■ **Exercise**: Once the pictures are set aside, repeat all of the data below exactly.

■ **Data records**:
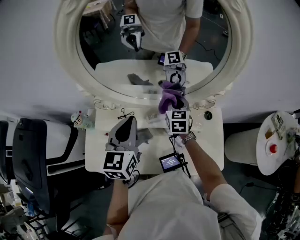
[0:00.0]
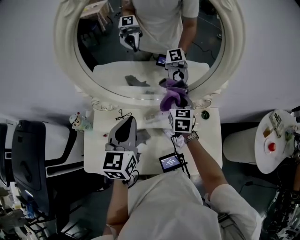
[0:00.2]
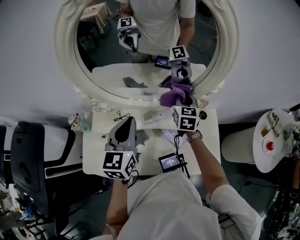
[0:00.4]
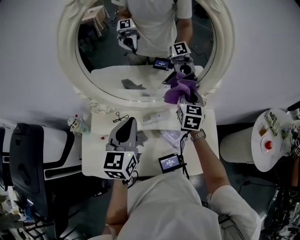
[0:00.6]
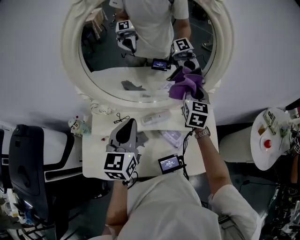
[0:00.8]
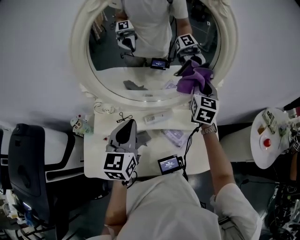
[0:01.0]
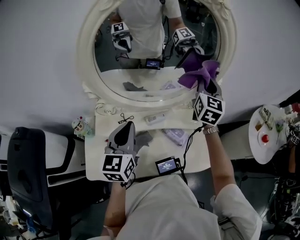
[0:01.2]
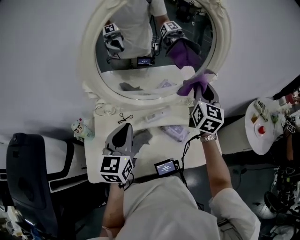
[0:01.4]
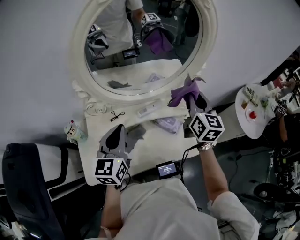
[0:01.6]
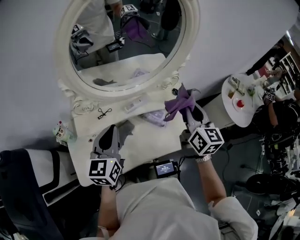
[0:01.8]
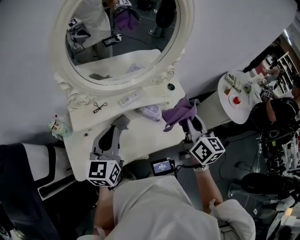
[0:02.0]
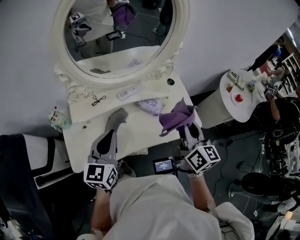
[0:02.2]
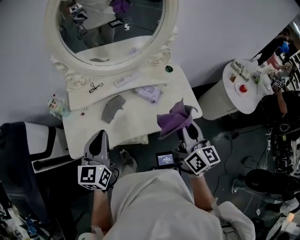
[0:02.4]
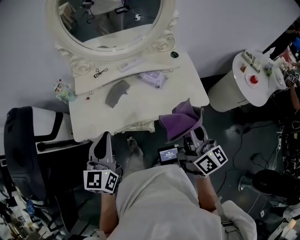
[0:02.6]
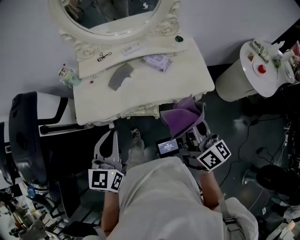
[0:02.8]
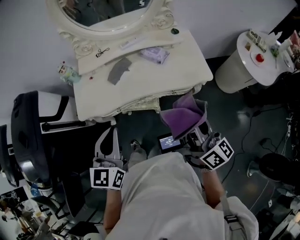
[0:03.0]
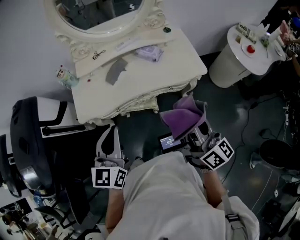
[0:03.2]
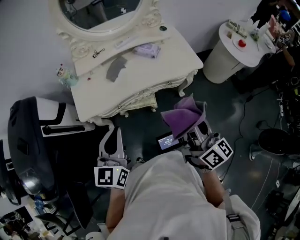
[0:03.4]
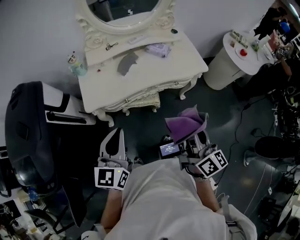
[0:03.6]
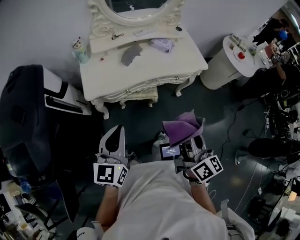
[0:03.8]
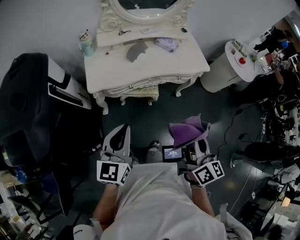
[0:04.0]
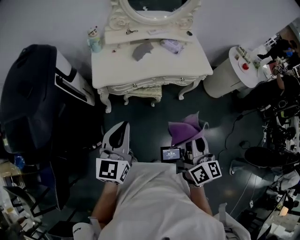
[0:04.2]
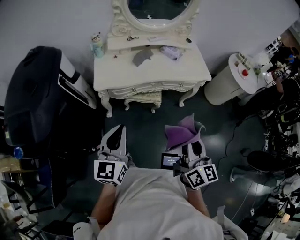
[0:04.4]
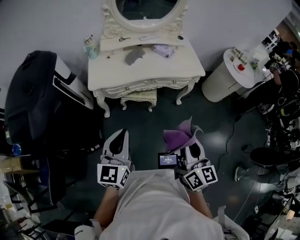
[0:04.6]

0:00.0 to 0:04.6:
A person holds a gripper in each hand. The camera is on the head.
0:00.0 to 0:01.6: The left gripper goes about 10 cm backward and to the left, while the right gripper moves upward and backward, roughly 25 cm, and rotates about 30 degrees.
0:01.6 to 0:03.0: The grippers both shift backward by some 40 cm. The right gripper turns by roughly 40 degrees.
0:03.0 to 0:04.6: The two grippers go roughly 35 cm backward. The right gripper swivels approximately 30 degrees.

■ **Written solution**:
[0:00.0]
[0:00.2]
[0:00.4]
[0:00.6]
[0:00.8]
[0:01.0]
[0:01.2]
[0:01.4]
[0:01.6]
[0:01.8]
[0:02.0]
[0:02.2]
[0:02.4]
[0:02.6]
[0:02.8]
[0:03.0]
[0:03.2]
[0:03.4]
[0:03.6]
[0:03.8]
[0:04.0]
[0:04.2]
[0:04.4]
[0:04.6]

0:00.0 to 0:04.6:
A person holds a gripper in each hand. The camera is on the head.
0:00.0 to 0:01.6: The left gripper goes about 10 cm backward and to the left, while the right gripper moves upward and backward, roughly 25 cm, and rotates about 30 degrees.
0:01.6 to 0:03.0: The grippers both shift backward by some 40 cm. The right gripper turns by roughly 40 degrees.
0:03.0 to 0:04.6: The two grippers go roughly 35 cm backward. The right gripper swivels approximately 30 degrees.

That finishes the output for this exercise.